We study a chair, an oval box, the sober garb of a Brother or a Sister, as detailed in the Millennial Laws or preserved in examples. We study a “gift drawing” that shows the Tree of Life, a sample of calligraphy, a historic photograph of the people in their setting.
These things are enigmatic, but they tell us sometimes more than words. We can handle the objects. We can visit the villages, walk the fields, and troop inside the buildings. With effort, we can imagine Shaker life.
Above all, it was communal. They abolished private property. They practiced charity to a degree unthinkable today, yet they sharply criticized freeloaders and spongers, men who joined in autumn and left in spring, so-called Winter Shakers. The charity undid profit: the plainness visible everywhere derives as much from poverty as from aesthetic choice.
They practiced political equality of sexes and radical separation of sexes, as we see in the symmetry of their dwellings and meeting houses. Yet symmetry and separation show up in other American buildings of the early nineteenth century. On the whole, a Shaker village looks like a New England mill town. We begin to wonder if Shaker design, which perfected forms already in use, more closely approaches the Platonic idea in metal, fiber, stone, and wood.
The Round Stone Barn at Hancock Shaker Village near Pittsfield, Massachusetts, is a case in point. The barn is solid, huge, and unique. To quote the 1976 guidebook by John Harlow Ott:
“Of all the buildings erected by the United Society, none has attracted more attention than the Round Stone Barn built in 1826. What prompted the building of a round barn will probably never be known, since only scanty documentation exists.”
The guidebook has photographs and a drawing by Eric Sloane, the landscape painter and illustrator of American cultural history. The barn is 90 feet in diameter, with a fieldstone wall and a timber frame.
There are two floors: cattle stalls below in a ring, and a threshing floor above. The open core is for hay storage. The original roof was conical, but after a fire in 1864, it was rebuilt to a lower pitch with a twelve-sided monitor. The barn has windows all around, and a cupola for light and ventilation.
In its later configuration, it sheltered seventy cows from the dairy herd.
The design is said to be practical and efficient. A wagon could drive in the upper floor, make the circuit, and exit through the same door, all without backing up. Trap doors in the lower floor allowed men to shovel manure from the cow stalls to a cellar, and from there to fields for use as fertilizer. But no other Shakers copied the example, nor did anyone else.

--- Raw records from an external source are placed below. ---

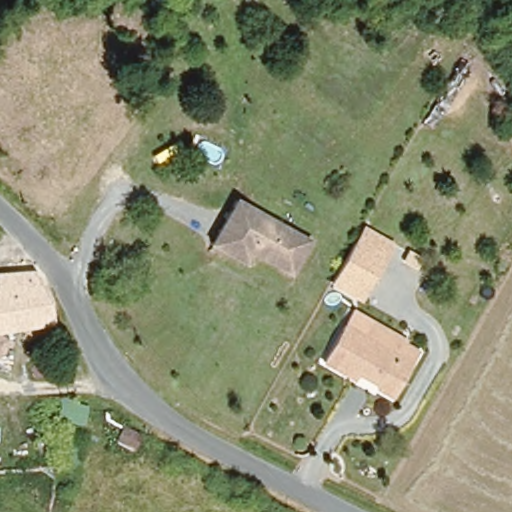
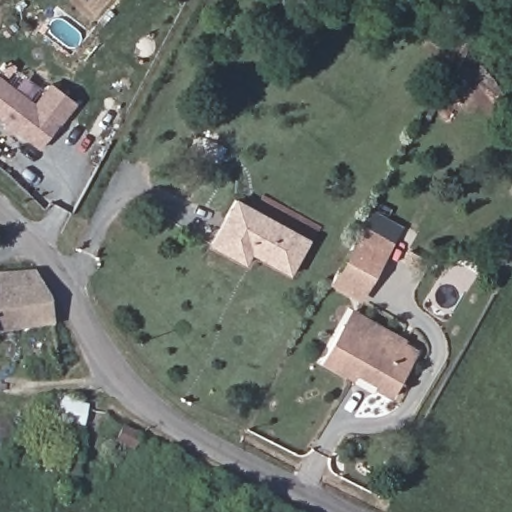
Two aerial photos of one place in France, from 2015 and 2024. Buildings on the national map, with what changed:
new [(14,130),(10,135),(3,130),(6,124),(0,119),(0,74),(35,101),(51,82),(78,103),(39,149),(14,130)]
unchanged [(253,253),(247,264),(213,244),(239,200),(311,241),(292,275),(253,253)]
unchanged [(333,279),(359,232),(389,249),(363,295),(333,279)]
unchanged [(0,273),(34,269),(54,299),(55,322),(0,331),(0,273)]
unchanged [(395,350),(401,339),(419,349),(391,398),(324,361),(346,322),(395,350)]
unchanged [(129,452),(113,443),(121,428),(139,438),(129,452)]

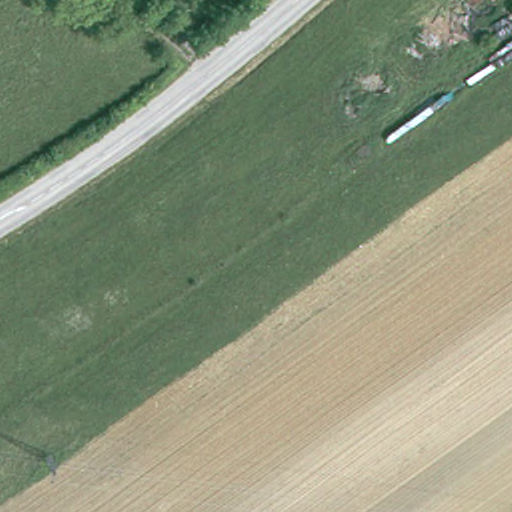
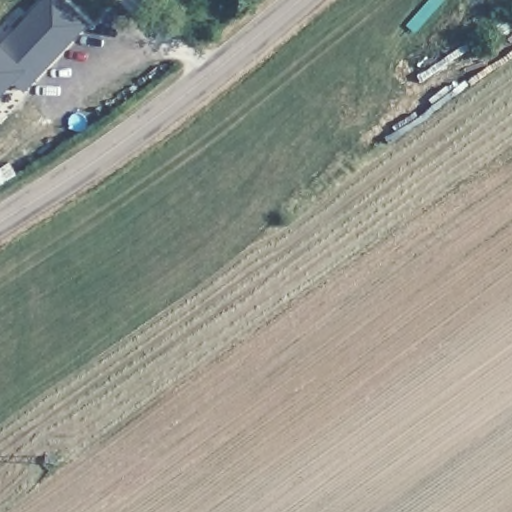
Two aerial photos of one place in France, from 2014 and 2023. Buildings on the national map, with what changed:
new [(0,41),(40,0),(66,0),(89,22),(24,91),(13,80),(0,94),(0,41)]

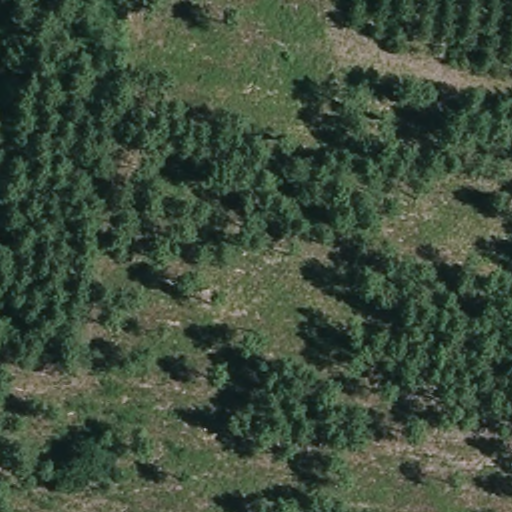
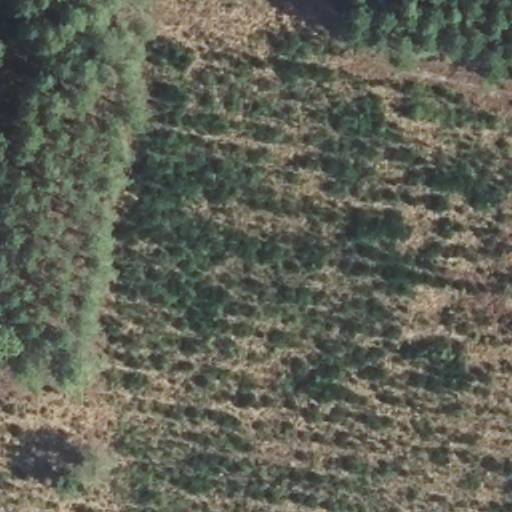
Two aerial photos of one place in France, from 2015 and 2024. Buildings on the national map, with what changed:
[]

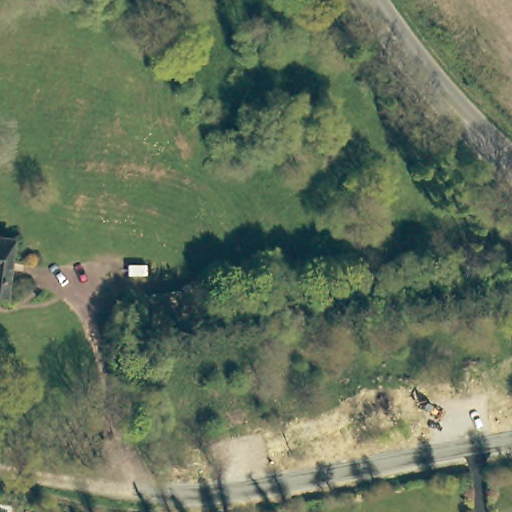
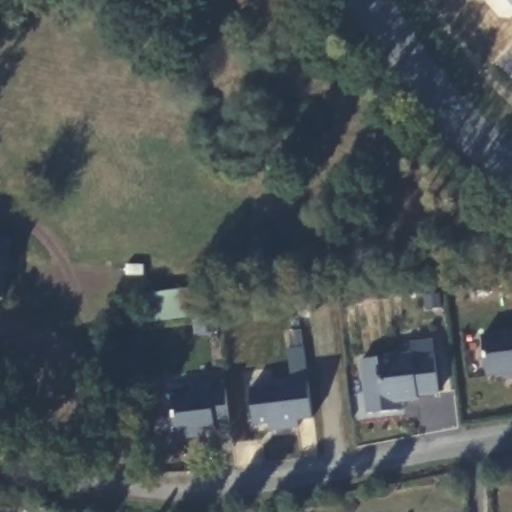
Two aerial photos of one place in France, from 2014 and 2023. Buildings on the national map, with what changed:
unchanged [(2,299),(0,299),(0,238),(10,239),(2,299)]
unchanged [(194,316),(146,322),(142,297),(190,290),(194,316)]
new [(512,331),(512,378),(502,379),(502,376),(485,378),(482,334),(512,331)]
new [(441,393),(419,396),(420,401),(402,403),(402,409),(367,414),(360,359),(381,356),(410,353),(409,342),(432,339),(441,393)]
new [(316,417),(299,420),(300,429),(271,432),(268,422),(255,424),(250,388),(308,380),(316,417)]
new [(232,422),(216,425),(217,431),(199,433),(199,435),(176,438),(170,395),(189,392),(188,385),(212,382),(213,390),(225,388),(232,422)]

The Round Stone Barn is a mystical shape. It recalls the obsession of Italian architects in the sixteenth century with circular temples, to be used as churches despite their awkwardness for Christian ritual. It echoes the circular library, another Renaissance conceit. The Radcliffe Camera at Oxford University, completed by James Gibbs in 1749, is one example. The Reading Room of the British Museum, and the Rotunda of the University of Virginia, designed by Thomas Jefferson as a library, are two more famous circular spaces. They date from 1823 and 1826, contemporary with the barn.
Perhaps this is the Shaker Library, with stalls for cows instead of books. It transcends its context of nineteenth-century agriculture, and of American religious thought, which seldom stoops to farm realities. As architecture, it teases us. Silent and perfect, a lovely form for a lowly function, it asks us what is holy.